N = df_nino.shape[0]
t0 = 1871
dt = 0.25
time = np.arange(0, N) * dt + t0
signal = df_nino.values.squeeze()
signal = signal - np.mean(signal)

# Set wavelet scales
scales = np.arange(1, 128)

# Plot the original signal
def plot_signal(time, signal, figname=None):
    fig, ax = plt.subplots(figsize=(15, 3))
    ax.plot(time, signal, label='signal')
    ax.set_xlim([time[0], time[-1]])
    ax.set_ylabel('Amplitude', fontsize=18)
    ax.set_xlabel('Time', fontsize=18)
    ax.legend()
    plt.savefig(figname if figname else 'signal_plot.png', dpi=300, bbox_inches='tight')
    plt.close()

plot_signal(time, signal)

Next, we apply Fourier Transform to the signal to compare the time-invariant frequency spectrum.

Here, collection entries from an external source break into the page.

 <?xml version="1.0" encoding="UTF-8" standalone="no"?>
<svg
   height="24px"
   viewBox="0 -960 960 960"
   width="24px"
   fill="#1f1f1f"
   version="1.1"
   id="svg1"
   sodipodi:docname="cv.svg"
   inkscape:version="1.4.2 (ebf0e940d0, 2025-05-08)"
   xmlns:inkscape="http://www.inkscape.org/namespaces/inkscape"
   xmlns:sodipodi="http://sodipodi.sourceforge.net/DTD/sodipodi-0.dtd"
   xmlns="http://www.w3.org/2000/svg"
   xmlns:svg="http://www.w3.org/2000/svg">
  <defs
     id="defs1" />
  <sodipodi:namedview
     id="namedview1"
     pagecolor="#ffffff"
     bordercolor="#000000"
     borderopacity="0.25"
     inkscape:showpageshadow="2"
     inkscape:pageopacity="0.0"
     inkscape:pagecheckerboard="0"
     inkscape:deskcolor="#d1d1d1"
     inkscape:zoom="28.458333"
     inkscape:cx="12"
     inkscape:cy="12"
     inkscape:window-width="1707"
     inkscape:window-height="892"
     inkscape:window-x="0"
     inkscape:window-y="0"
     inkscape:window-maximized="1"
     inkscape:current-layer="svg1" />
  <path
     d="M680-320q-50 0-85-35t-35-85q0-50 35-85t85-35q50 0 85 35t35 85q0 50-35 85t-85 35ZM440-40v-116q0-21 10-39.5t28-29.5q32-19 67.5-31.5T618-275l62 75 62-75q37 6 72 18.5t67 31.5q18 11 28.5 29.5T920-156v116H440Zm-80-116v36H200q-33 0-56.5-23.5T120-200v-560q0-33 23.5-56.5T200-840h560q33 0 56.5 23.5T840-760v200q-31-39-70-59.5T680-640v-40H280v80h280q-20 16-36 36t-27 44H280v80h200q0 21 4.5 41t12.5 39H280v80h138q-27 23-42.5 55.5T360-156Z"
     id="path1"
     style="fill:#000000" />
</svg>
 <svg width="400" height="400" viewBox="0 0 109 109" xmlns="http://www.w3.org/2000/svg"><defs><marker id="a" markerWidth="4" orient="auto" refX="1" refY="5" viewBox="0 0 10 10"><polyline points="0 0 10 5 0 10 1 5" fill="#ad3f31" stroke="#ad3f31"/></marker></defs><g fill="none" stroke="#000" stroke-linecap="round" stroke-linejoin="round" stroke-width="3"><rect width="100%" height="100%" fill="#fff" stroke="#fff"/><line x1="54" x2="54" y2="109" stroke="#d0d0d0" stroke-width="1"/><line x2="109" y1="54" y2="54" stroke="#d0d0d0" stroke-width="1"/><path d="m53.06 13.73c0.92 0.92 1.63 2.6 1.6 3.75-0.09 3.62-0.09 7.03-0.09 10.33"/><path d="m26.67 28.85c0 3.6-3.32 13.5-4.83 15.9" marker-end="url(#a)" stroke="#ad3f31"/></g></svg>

def get_fft_values(y_values, T, N, f_s):
    f_values = np.linspace(0.0, 1.0/(2.0*T), N//2)
    fft_values_ = np.fft.fft(y_values)
    fft_values = 2.0/N * np.abs(fft_values_[0:N//2])
    return f_values, fft_values

def plot_fft_plus_power(time, signal, figname=None):
    dt = time[1] - time[0]
    N = len(signal)
    fs = 1/dt
    f_values, fft_values = get_fft_values(signal, dt, N, fs)

    fig, ax = plt.subplots(2, 1, figsize=(15, 3))
    ax[0].plot(f_values, fft_values, label='Fourier Transform', color='r')
    ax[1].plot(f_values, fft_values**2, label='FFT Power Spectrum', color='k')
    ax[1].set_xlabel('Frequency [Hz]', fontsize=18)
    ax[1].set_ylabel('Power', fontsize=18)
    plt.savefig(figname if figname else 'fft_plus_power.png', dpi=300, bbox_inches='tight')
    plt.close()

plot_fft_plus_power(time, signal)

Finally, we use Wavelet Transform to visualize time-frequency localization.

def plot_wavelet(time, signal, scales, waveletname='cmor1.5-1.0', cmap=plt.cm.seismic, figname=None):
    dt = time[1] - time[0]
    coefficients, frequencies = pywt.cwt(signal, scales, waveletname, dt)
    power = np.abs(coefficients)**2
    period = 1. / frequencies

    fig, ax = plt.subplots(figsize=(15, 10))
    im = ax.contourf(time, np.log2(period), np.log2(power), cmap=cmap)
    ax.set_title('Wavelet Transform (Power Spectrum)', fontsize=20)
    ax.set_xlabel('Time', fontsize=18)
    ax.set_ylabel('Period (years)', fontsize=18)
    plt.colorbar(im, ax=ax)
    plt.savefig(figname if figname else f'wavelet_{waveletname}.png', dpi=300, bbox_inches='tight')
    plt.close()

plot_wavelet(time, signal, scales)

Final Observations

For the ENSO dataset, the analysis reveals significant power concentration in the 2–8 year period range, particularly before 1920. The power decreases thereafter, with the wavelet spectrogram showing a transition to shorter periods as time progresses.

In the Indian monsoon rainfall dataset, the power is more evenly distributed across periods but exhibits a similar shift to shorter periods over time. The Wavelet Transform effectively highlights these time-varying features that remain obscured in the Fourier Transform.